说完她没有再看凌立,打开门,出去,轻轻又把门合上。
凌立始终没有做声,久久站在原地。
……如果没有经历过两个人分手之后那段痛苦煎熬的日子,凌立此刻大概会追出去了。
可是人是有智慧的生物。经历过一次痛苦之后难免会心有余悸。
他静静的站在那里,想起了许多两个人过去的事情。
想起自己一开始是怎么拒绝了他。
想起两个人做“朋友”期间的点点滴滴。
想起那一次自己冲动之下,是怎么在电话里对齐帅说了“我爱你”。
…… ……
一点一滴的往事像被打乱的碎片,在脑海里胸腔里盘旋。
当时觉察到自己有些控制不住自己的感情的时候,他已经决定和齐帅保持距离。从前周围也不是没有小姑娘来接近他,但是没有一个像齐帅这样,两个人阴差阳错的,无形之中竟然已经走得这么近。做了决定之后,他做的算是很明显了,齐帅就算再笨,应该也感觉的到他在和她保持距离。这么一个要强的姑娘,理所当然的,也开始躲着他,避开和他见面的机会。
始料未及的是,凌立开始觉得难以忍受。明明首先做出疏远姿态的是他,可是当齐帅也默认了他的拒绝,开始对他疏远冷淡,两个人见不到面的时候,他自己却先受不了了。
那种煎熬的感觉,就像是口渴到极点的人,明明看到眼前有一汪清泉,却不能张口去喝。
一向自诩理智克制的凌立,头一次开始觉得有些熬不住。
痛苦在齐帅忽然对他表白心意的时候达到了极点。
当时她垂着眼站在他面前,委婉又羞涩的对他说:
“……这么久不见,我……很想念你。
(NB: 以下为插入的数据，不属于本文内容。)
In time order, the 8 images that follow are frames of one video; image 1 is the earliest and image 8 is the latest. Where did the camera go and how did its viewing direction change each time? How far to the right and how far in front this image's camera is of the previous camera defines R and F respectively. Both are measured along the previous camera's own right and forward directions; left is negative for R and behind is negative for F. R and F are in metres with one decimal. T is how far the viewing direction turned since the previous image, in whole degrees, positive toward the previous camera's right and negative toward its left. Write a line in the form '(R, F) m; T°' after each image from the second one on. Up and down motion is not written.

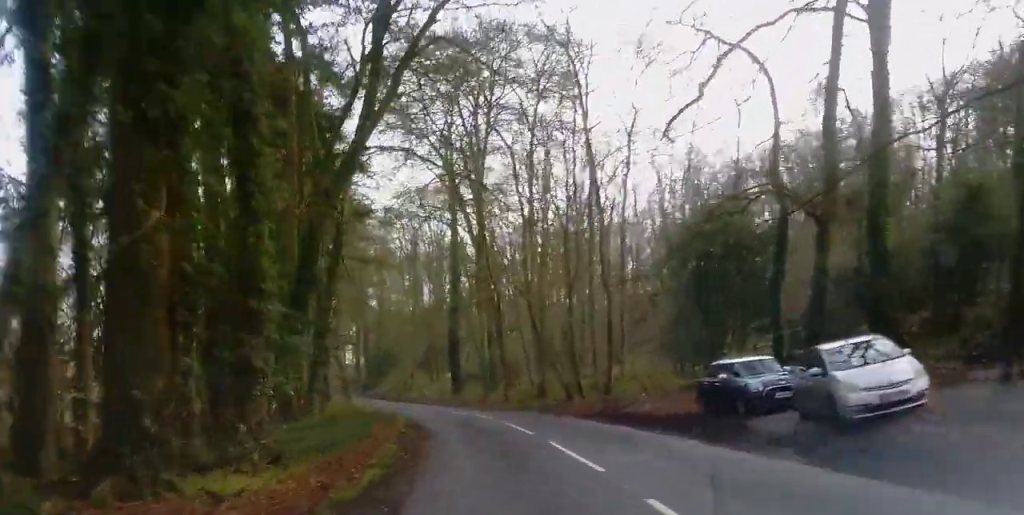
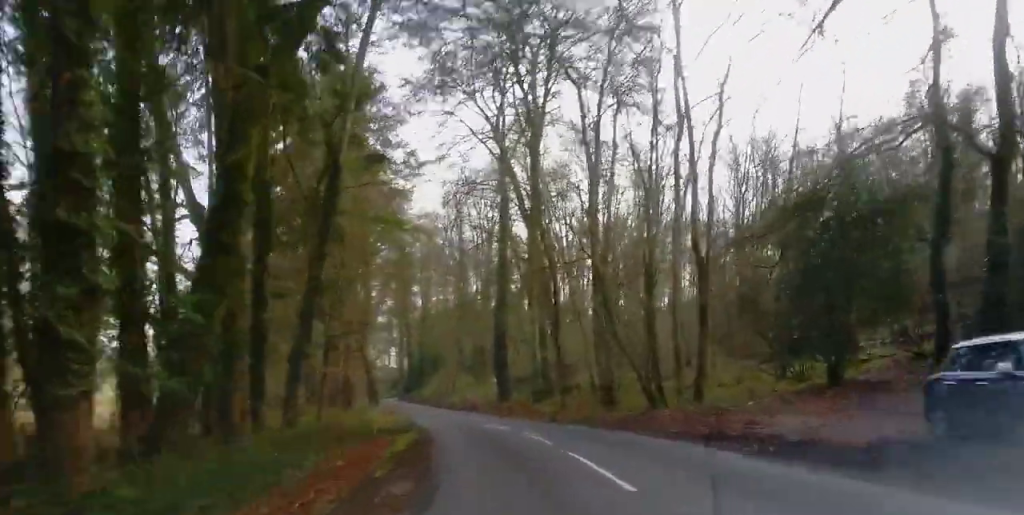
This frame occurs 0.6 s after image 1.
(-0.5, +10.0) m; -3°
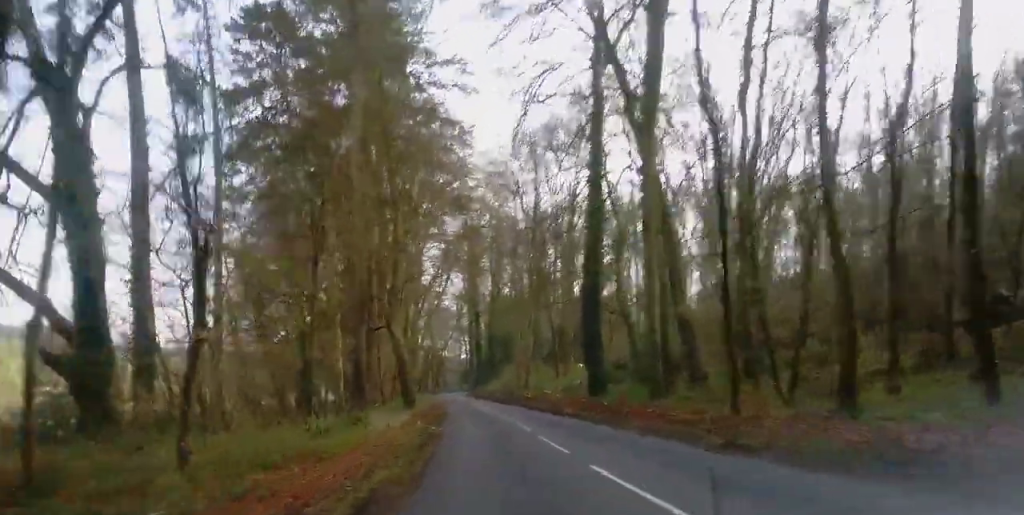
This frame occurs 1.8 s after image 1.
(-0.8, +18.8) m; -3°
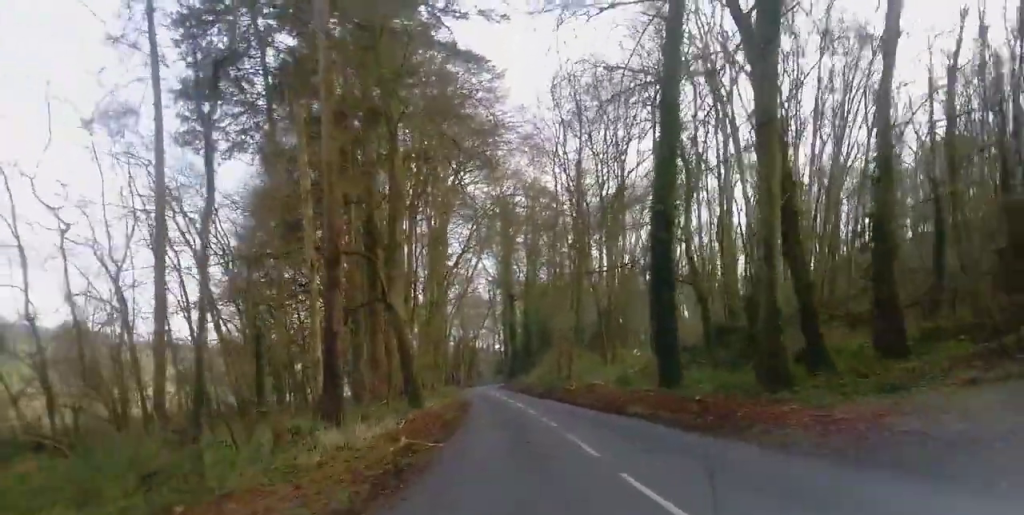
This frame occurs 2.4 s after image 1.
(-0.1, +11.0) m; +2°
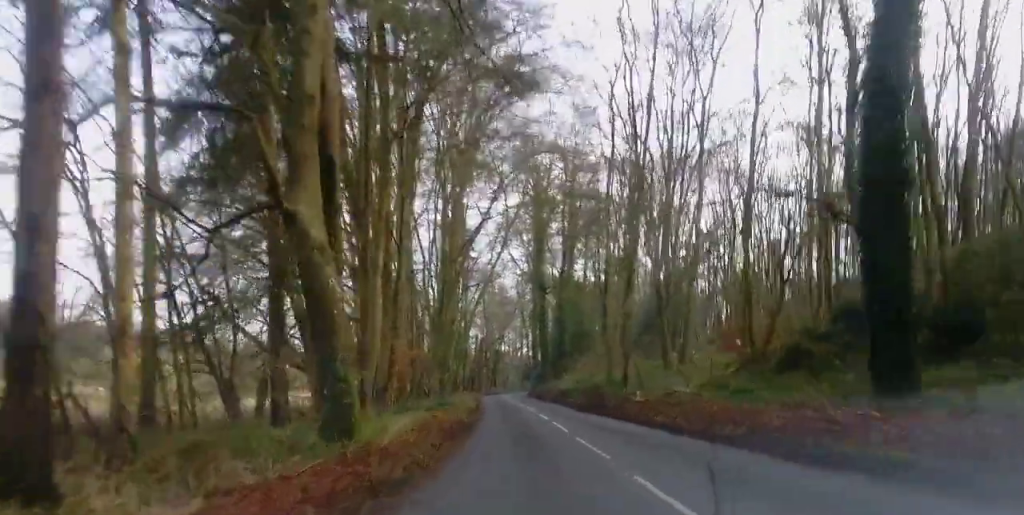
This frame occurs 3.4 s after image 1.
(+0.6, +17.4) m; +3°
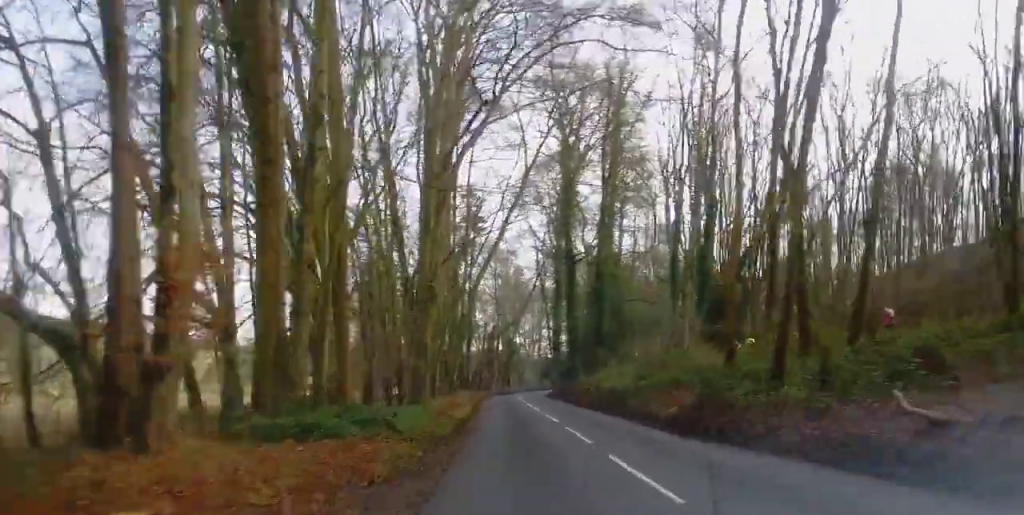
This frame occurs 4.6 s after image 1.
(-2.3, +21.4) m; -17°
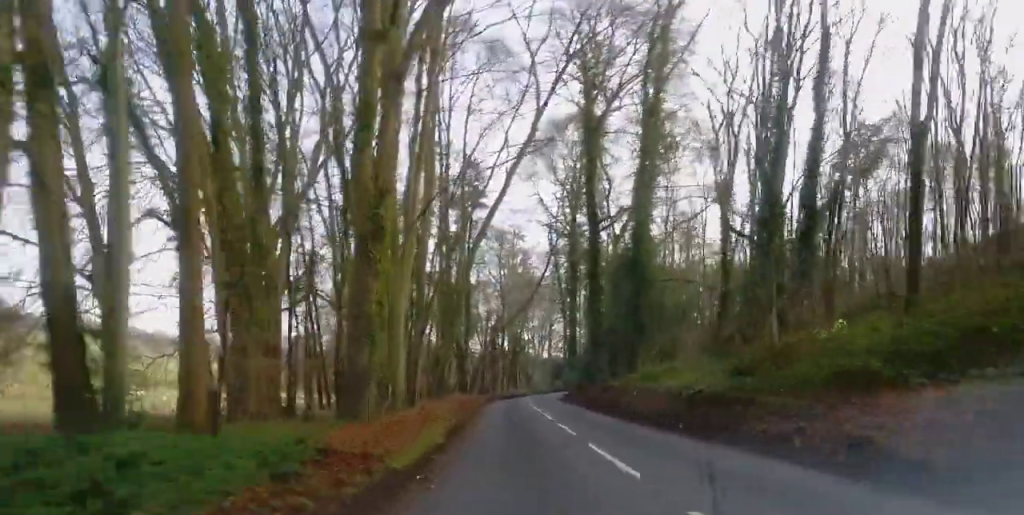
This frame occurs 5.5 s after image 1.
(-1.8, +14.2) m; -3°
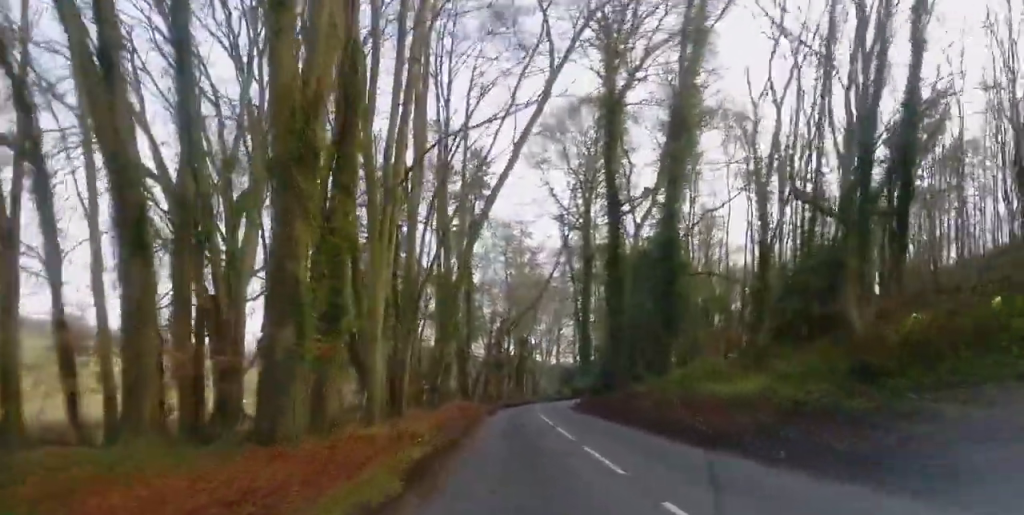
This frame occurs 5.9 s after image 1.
(+1.0, +7.5) m; +4°

”
他垂眼看着齐帅头顶的发旋,她嗫嚅的嘴唇,带着微汗的鼻尖,和垂着的眼睫,怎么也移不开眼神。
相互躲避了许久,那一天齐帅出现在医院,凌立见到她的一瞬,清晰地感觉到心底喷涌而出的喜悦,以至于听到齐帅委婉的表白时,他感觉胸腔和手指都在一齐颤抖着。
他第一次这么渴望拥抱一个人。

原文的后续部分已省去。